Pulmonary complications (e.g., pneumonia, unplanned intubation, and prolonged duration of ventilatory support) occur after about 1-2% of operations in the United States, leading to significant morbidity, lengths of hospital stay and cost, perhaps as much as $50,000 in expenses for the necessary additional care. However, many of these complications are preventable and the ICOUGH protocol has been demonstrated to impact pulmonary post operative complications. It has been shown to improve patient outcomes by decreasing postoperative pneumonia by 38%, unplanned intubations by 40%, and all adverse outcomes by 40%; over $5 million in cost savings for BMC in a two-year period has accompanied improved patient outcomes.
But despite its efficacy, the acute care hospital setting, specifically a safety-net hospital setting, presents challenges to ICOUGH protocol sustainability. ICOUGH requires education of patients over a number of time points and holds them accountable to adhere to the protocol. Nurses represent one source of education, although other clinical demands compete for nurses' time and attention. Acute care hospitals face high inpatient turnover for elective operations and must contend with an aging population that translates to a higher volume of older, higher-risk patients who may require more time and attention per nurse. Additionally, non-elective surgery patients, such as those admitted from the emergency department, would not have received ICOUGH protocol education. However, patients who are admitted to the hospital after emergency and trauma operations are at greatest risk of suffering pulmonary complications and stand to benefit the most from these interventions. These patients are not always optimized for surgery due to their acute circumstances, and they do not ordinarily receive the ICOUGH education that patients have prior to elective operations. In addition, patients also lack significant motivation due to the seriousness of their presentation and pain level to ambulate unless reminded.

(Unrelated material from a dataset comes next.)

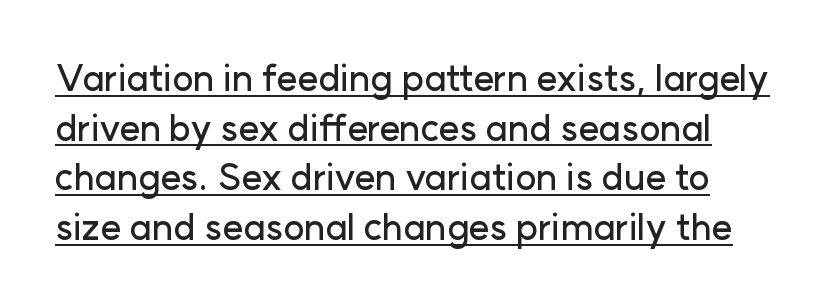
{"serif": "no", "italic": "no", "width": "normal", "stroke_contrast": "low", "x_height": "medium", "monospaced": "no", "underline": "yes", "line_spacing": "normal", "line_spacing_ratio": 1.38, "letter_spacing": "normal", "letter_spacing_em": 0.0, "glyph_px": 36}
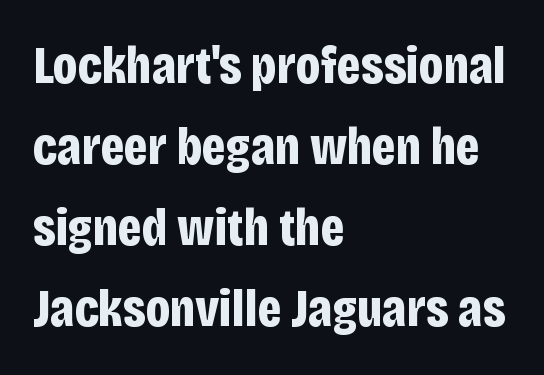
{"serif": "no", "italic": "no", "bold": "yes", "weight": "bold", "width": "condensed", "stroke_contrast": "low", "x_height": "large", "monospaced": "no", "underline": "no", "align": "left", "line_spacing": "normal", "line_spacing_ratio": 1.53, "letter_spacing": "normal", "letter_spacing_em": 0.0, "glyph_px": 53}
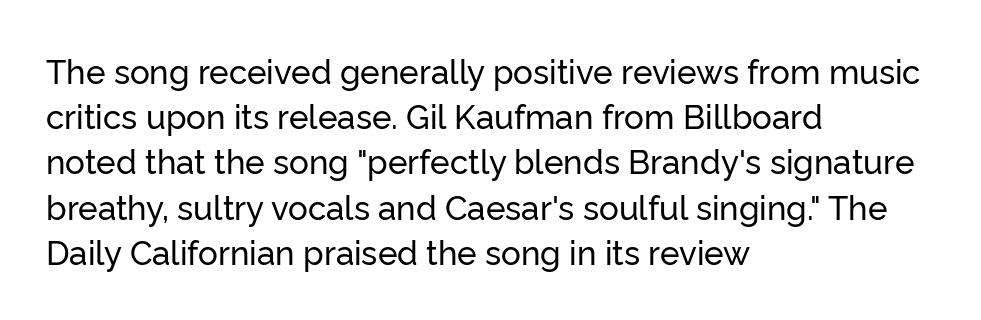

To address these challenges within BMC and facilitate ambulation protocol implementation, sustainability, and scaling in other institutions, the research team developed a point-of-care, patient-centric way to promote better patient, family, and provider engagement with and adherence to the ICOUGH protocol, specifically ambulation. In this pilot study, patients will be randomized to receive a text message once a day to remind them to ambulate three or more times each day in addition to the ICOUGH education or to receive the ICOUGH education without text reminders. All participants will be contacted daily by a research team member to collect data on the outcome measures and each participant in the experimental text message arm will be interviewed at hospital discharge to solicit their opinion abut the text message reminders.